Records from a collection:

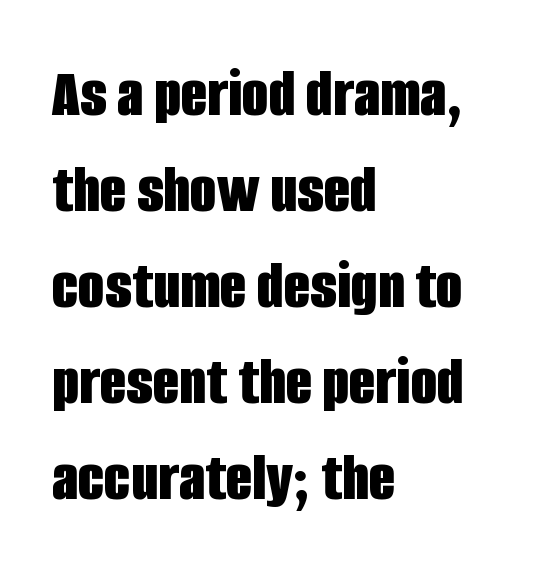
Check the space under the baseline: it is left empty. One-word summary of the alignment: left. These lines are rendered in a variable-pitch font. The typography opts for an upright posture over an oblique one.
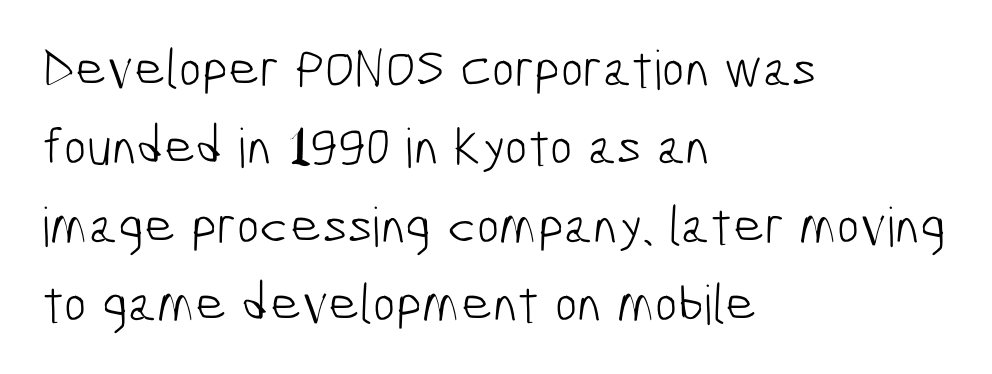
Q: Is the text bold? A: No.
Q: Is the typeface a serif or a sans-serif typeface? A: Sans-serif.
Q: Is the text underlined? A: No.
Q: How is the paragraph aligned? A: Left-aligned.
Q: Is the spacing between letters normal or unusually wide? A: Normal.
Q: Is the spacing between lines tight, normal or loose? A: Normal.
Q: Width (condensed, normal, or wide)? A: Condensed.
Q: Stroke contrast? A: Low.
Q: x-height? A: Medium.
Q: Monospaced? A: No.
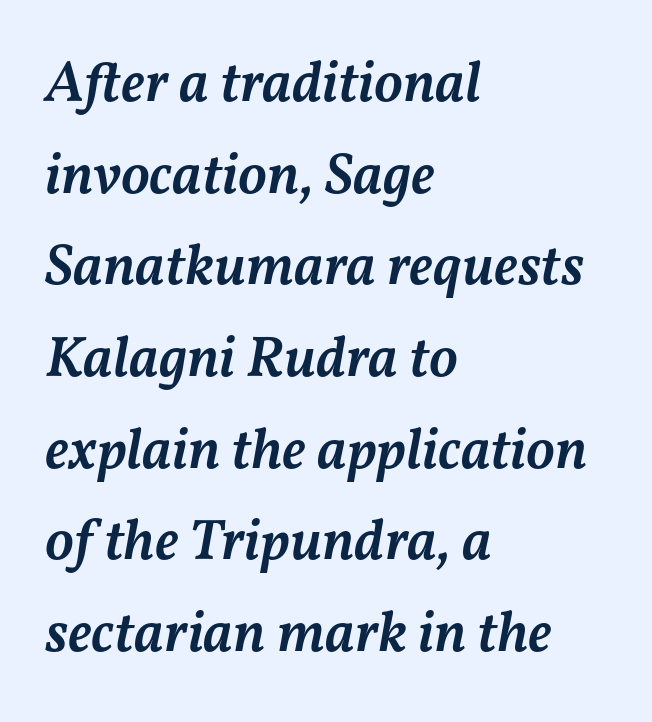
The image shows 58 px semibold type, italic (leaning right); set left-aligned, normal line spacing (1.58x), normal letter spacing, not underlined; medium stroke contrast and a medium x-height.
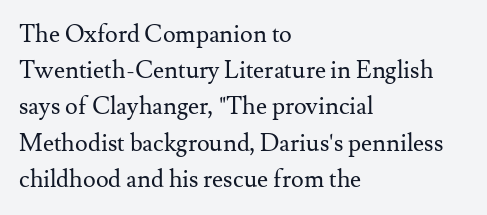
Q: Is the text bold? A: No.
Q: Is the text italic (slanted)? A: No, it is upright.
Q: Is the text underlined? A: No.
Q: How is the paragraph aligned? A: Left-aligned.
Q: Is the spacing between letters normal or unusually wide? A: Normal.
Q: Is the spacing between lines tight, normal or loose? A: Normal.
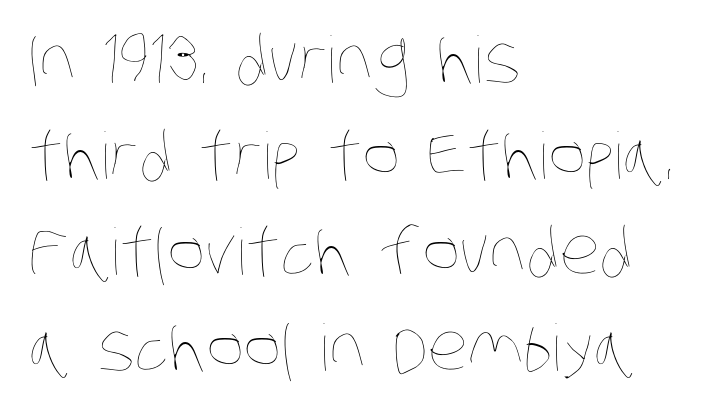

**Exercise goal**. All the lines that hold the word "contrast" must appear in the answer, copied from the records.

**Answer space**.
Q: Stroke contrast? A: Low.
The image shows 58 px semibold type, italic (leaning right); set left-aligned, normal line spacing (1.58x), normal letter spacing, not underlined; medium stroke contrast and a medium x-height.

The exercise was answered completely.